İçine düştüğü sanrılar ve içinde barındırdığı tezatlıklar hiç bitmiyor insanın

Misal ben;

En çok kendimde yanılıyorum.

En çok kendime dair sanrıların içine düşüyor ve en çok kendi içimde tezatlıklar barındırıyorum.

Bir an önce bu dünya otobüsünden ineceğim durağın gelmesini bekliyorum mesela, kaç durak kaldıysa da geriye artık

''Bitse de gitsek!'' diyorum

Ya da direkt atasım geliyor kendimi bu otobüsten dışarı, bana atanan durağa gelmeden önce, belki çok önce

Lakin buna rağmen bir sigara bile içemiyorum doğru düzgün misal

Yakıp yakıp söndürüyorum izmaritleri, dumanını içime zerre çekmeden

Tüm paket çöpe gidiyor olduğu gibi

Acımıyorum hiç, öyle güzel kıyıyorum ki

Ciğerlerime kıyacağıma, kendimi iteleye iteleye satın aldığım sigara paketinin bütününe öyle güzel kıyıyorum ki o an

Sanki ben değilmişim gibi bu dünya otobüsünden erkenden inmeyi ha bire sayıklayıp duran...

Tezatlık bu ya işte…

Bana eklemlenmiş bir takıntıymışçasına, sağlığa zararlı hiçbir şeyi almak istemiyorum vücuduma

Geçtim sigarayı, en son ne zaman salep ya da sıcak çikolata içtim misal, hatırlamıyorum

Zira yıllardır rafine şeker bile tüketmiyorum

O denli tutunuyorum yaşama ve bu dünyaya, o kadar bile kıyamıyorum kendime

Oysa...

Tezatlık bu ya işte...

İnanmak bir seçimdir misal

''Ben artık seçmiyorum inanmayı!'' diyerek kendime bunu telkin etmemin akabinde, her sefer

Bir yere girerken önce sağ ayağımla adım attığımı, bir işe başlarken besmele çekmeyi atlamadığımı görüyorum istisnasız

Tezatlık bu ya işte…

Takıntılarım, kendimce saptadığım ilkelerim, katılığım ve olanca sabitliğim ile;

Ben.

Aşamadığım, aşmak adına üzerinden atlamaya ölümüne korktuğum duvarlarım ile;

Ben.

Oysa ne kadar yüksek olabilir ki o duvarlar olsa olsa

Sanki üzerinden atlasam öleceğim

Hem, öyle bile olsa

Bu dünya otobüsünden erkenden inmeyi isteyen de zaten ben değil miyim...




Diyorum ki kendime:

''Bir yerden başlamak lazım...''

Kendimi, en azından sigara içmeye iteliyorum

Gidip tek bir paketini satın almam bile aylar sürüyor

Aylarca kendimi bu fikre alıştırıyorum

Nihayet alıyorum paketi, eve getiriyorum

Bu sefer de onunla, kapağını bile açmadan, günlerce bakışıyorum

Nihayet içinden bir dal alıyorum, içimden çok da gelmeyerek yakıyorum

Lakin dayanamıyorum

Dumanını çekesim gelmiyor içime bir defalığına bile, almıyor içim

Anında söndürüp çöpe basıyorum

O kadarı bile yetiyor tiksinmeme ziyadesiyle

Her yer sigara dumanına bürünmüş, leş gibi kokuyormuş hissine kapılıyorum, aslı yok.

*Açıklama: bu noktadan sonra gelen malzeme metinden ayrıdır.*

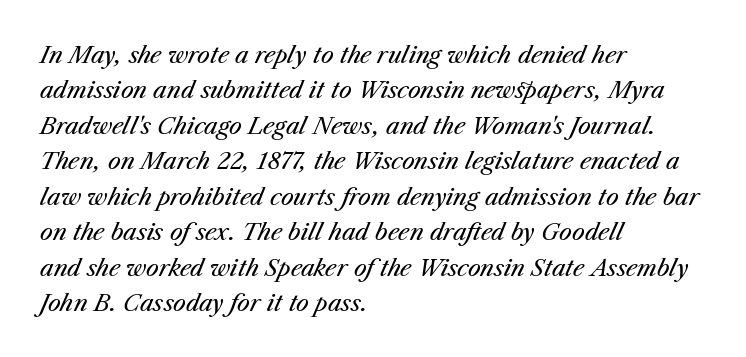
Normally led — the rows are evenly, conventionally spaced. The lines in this sample share a left origin and differ only in where they stop. Quick note: italic. Caption: standard tracking, unaltered. The strip under each line holds only bare page. The font is comparable to plain body text, perhaps lighter.
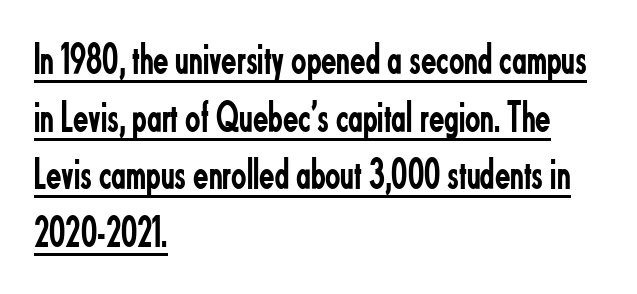
Q: Is the text bold? A: No.
Q: Is the text italic (slanted)? A: No, it is upright.
Q: Is the typeface a serif or a sans-serif typeface? A: Sans-serif.
Q: Is the text underlined? A: Yes.
Q: How is the paragraph aligned? A: Left-aligned.
Q: Is the spacing between letters normal or unusually wide? A: Normal.
Q: Is the spacing between lines tight, normal or loose? A: Normal.
Q: Width (condensed, normal, or wide)? A: Condensed.
Q: Stroke contrast? A: Low.
Q: x-height? A: Small.
Q: Monospaced? A: No.
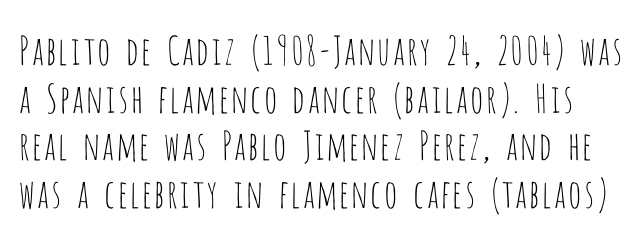
Serif or sans? Sans — the stroke terminals are bare. The font's upright variant was chosen for this text. Summary of weight: not heavy and not bold. Type without underlining.
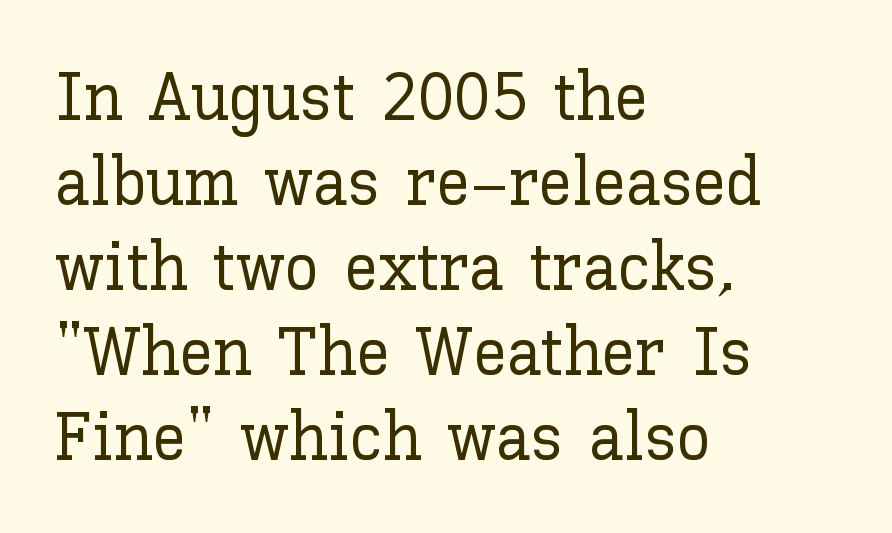
Q: Is the text italic (slanted)? A: No, it is upright.
Q: Is the text underlined? A: No.
Q: How is the paragraph aligned? A: Left-aligned.
Q: Is the spacing between letters normal or unusually wide? A: Normal.
Q: Is the spacing between lines tight, normal or loose? A: Normal.
Q: Width (condensed, normal, or wide)? A: Normal.
Q: Stroke contrast? A: Low.
Q: x-height? A: Medium.
Q: Monospaced? A: No.
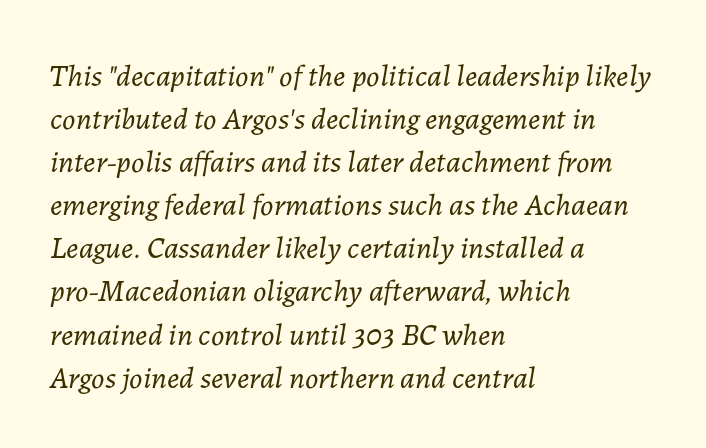
The image shows 31 px light type, italic (leaning right); set left-aligned, normal line spacing (1.39x), normal letter spacing, not underlined; low stroke contrast and a medium x-height.
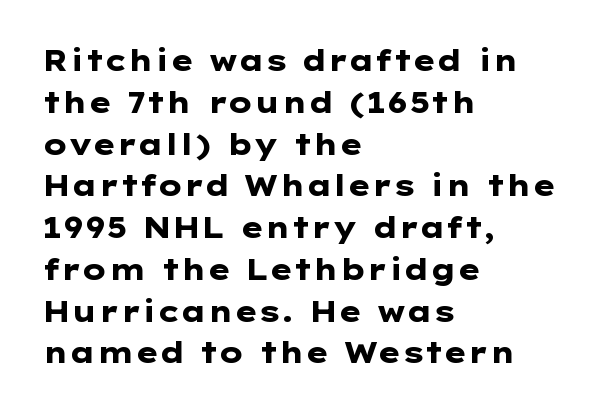
{"serif": "no", "italic": "no", "bold": "yes", "weight": "heavy", "width": "wide", "stroke_contrast": "low", "x_height": "medium", "underline": "no", "align": "left", "line_spacing": "normal", "line_spacing_ratio": 1.44, "letter_spacing": "normal", "letter_spacing_em": 0.0, "glyph_px": 29}

Yalnızca tek bir çekimlik dumanın bile verebileceği -okyanusta damla- zararın ihtimalinden nalları dikiyorum, mental olarak.

Görüyorsunuz ya;

Kendime o kadar bile kıyamıyorum.

Ve o an anlıyorum ki;

Bu dünya otobüsünden erkenden inme isteğimin öyle çok da sağlam değil temelleri.

Bir avuntu belki

Belki bir teselli

Bir savuşturma belki

Belki zor anlarda tutunduğum bir can simidi

Ne zaman ümitsiz hissetsem kendimi

Ne zaman çare bulamasam, bir çıkar yol göremesem geleceğime bakıp da

Hatta ne zaman bir gelecek tahayyül edemesem kendim için

O an kahrolmamak adına uydurduğum sentetik bir kurtuluş biçimi belki

Ya da bilmiyorum...

Belki yine en çok kendimde yanılıyorum.

Yine kendime dair sanrıların içine düşüyorum belki.